Tehrik-e-Taliban Pakistan spokesman Shahidullah Shahid said Malala was targeted because she was used in propaganda against the militants.
The Taliban would target her again if given the chance, just as it would target anyone who opposes the group, Shahid told CNN.
"She accepted that she attacked Islam so we tried to kill her, and if we get another chance we will definitely kill her and that will make us feel proud," he was quoted as saying by Sky News.
"Islam prohibits killing women...except those that support the infidels in their war against our religion."
Malala, 16, miraculously survived when she was shot in the head during an assassination attempt by Taliban fighters in the Swat Valley of northwest Pakistan in October last year.
She and her family moved to Britain, where she underwent several surgeries to repair her skull. She has since become a global ambassador for the right of all children to go to school.
The teenager is now considered a frontrunner for the Nobel Peace prize, which will be awarded on Friday.
The Taliban said it would target anyone who opposes the group but denied Malala was targeted for promoting education for girls in Pakistan's restive northwest.
In an interview with the BBC, Malala dismissed threats to her life and repeated her desire to return to Pakistan from UK. She said dialogue with militants is the only way forward for peace but contended that the Taliban were "misusing the name of Islam".
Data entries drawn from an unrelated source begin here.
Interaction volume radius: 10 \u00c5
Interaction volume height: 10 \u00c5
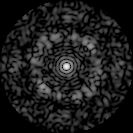
Disorder parameter: 0.6995
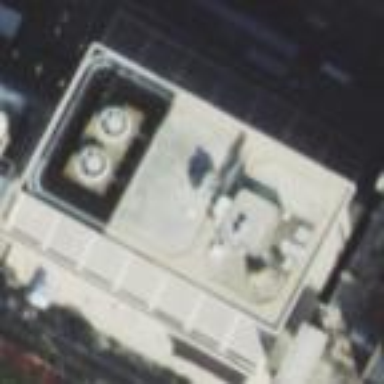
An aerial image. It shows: Office building.
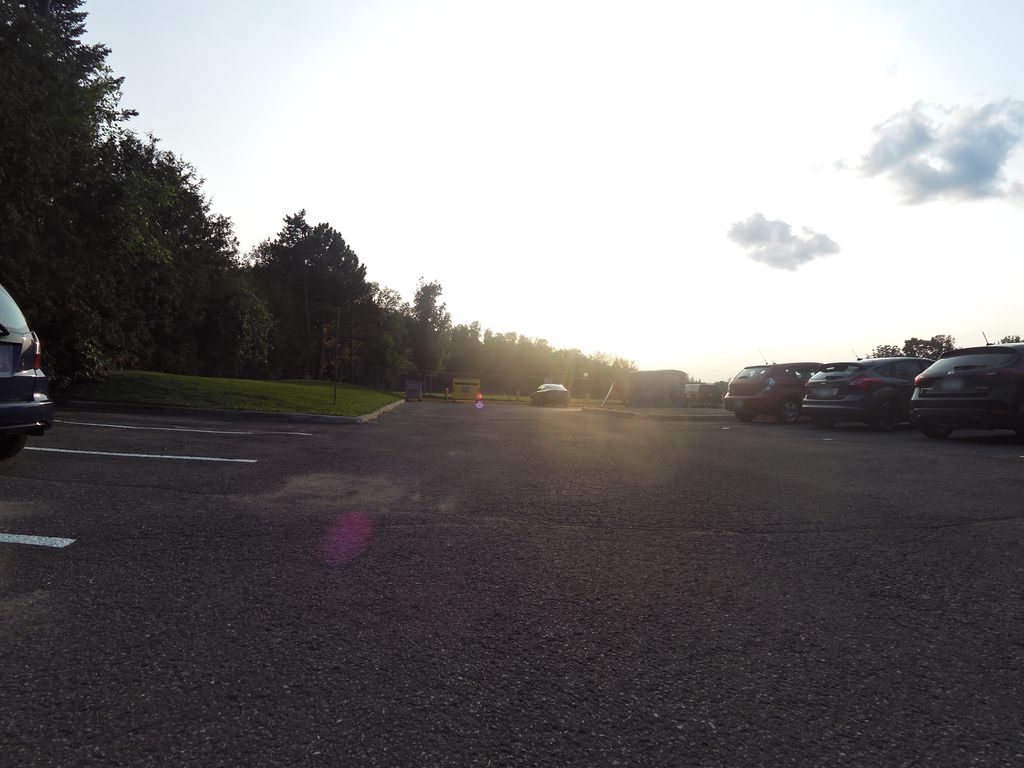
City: ottawa-gatineau
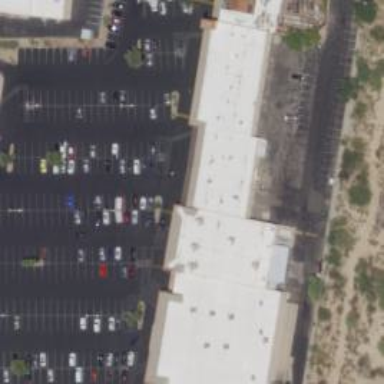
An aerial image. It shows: Supermarket.
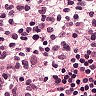
Metastatic tissue present: no
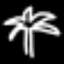
Label: palm tree
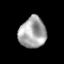
Tissue: lung
Cell type: Others
Senescence score: 0.2306
Nuclear area (px): 823
Mean DAPI intensity: 165.475
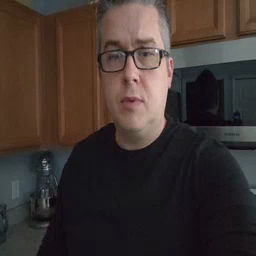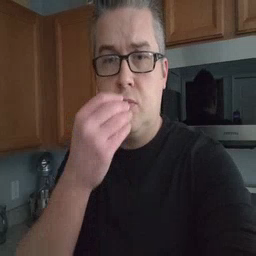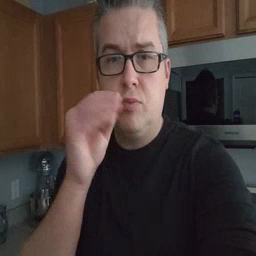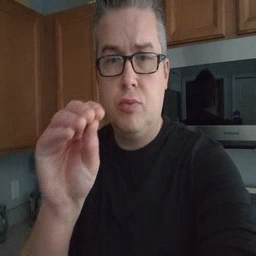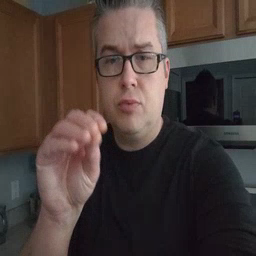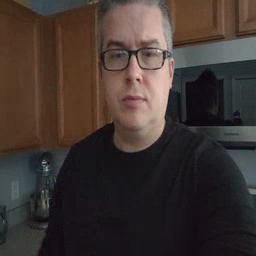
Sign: kiss
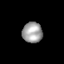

She first rose to prominence during the Taliban's 2007-09 rule in Swat Valley with a blog for the BBC Urdu service that chronicled the rigours of daily life under the militants.
"I will be a politician in my future. I want to change the future of my country and I want to make education compulsory," she told BBC in the recent interview.
"I hope that a day will come (when) the people of Pakistan will be free, they will have their rights, there will be peace and every girl and every boy will be going to school," she had said.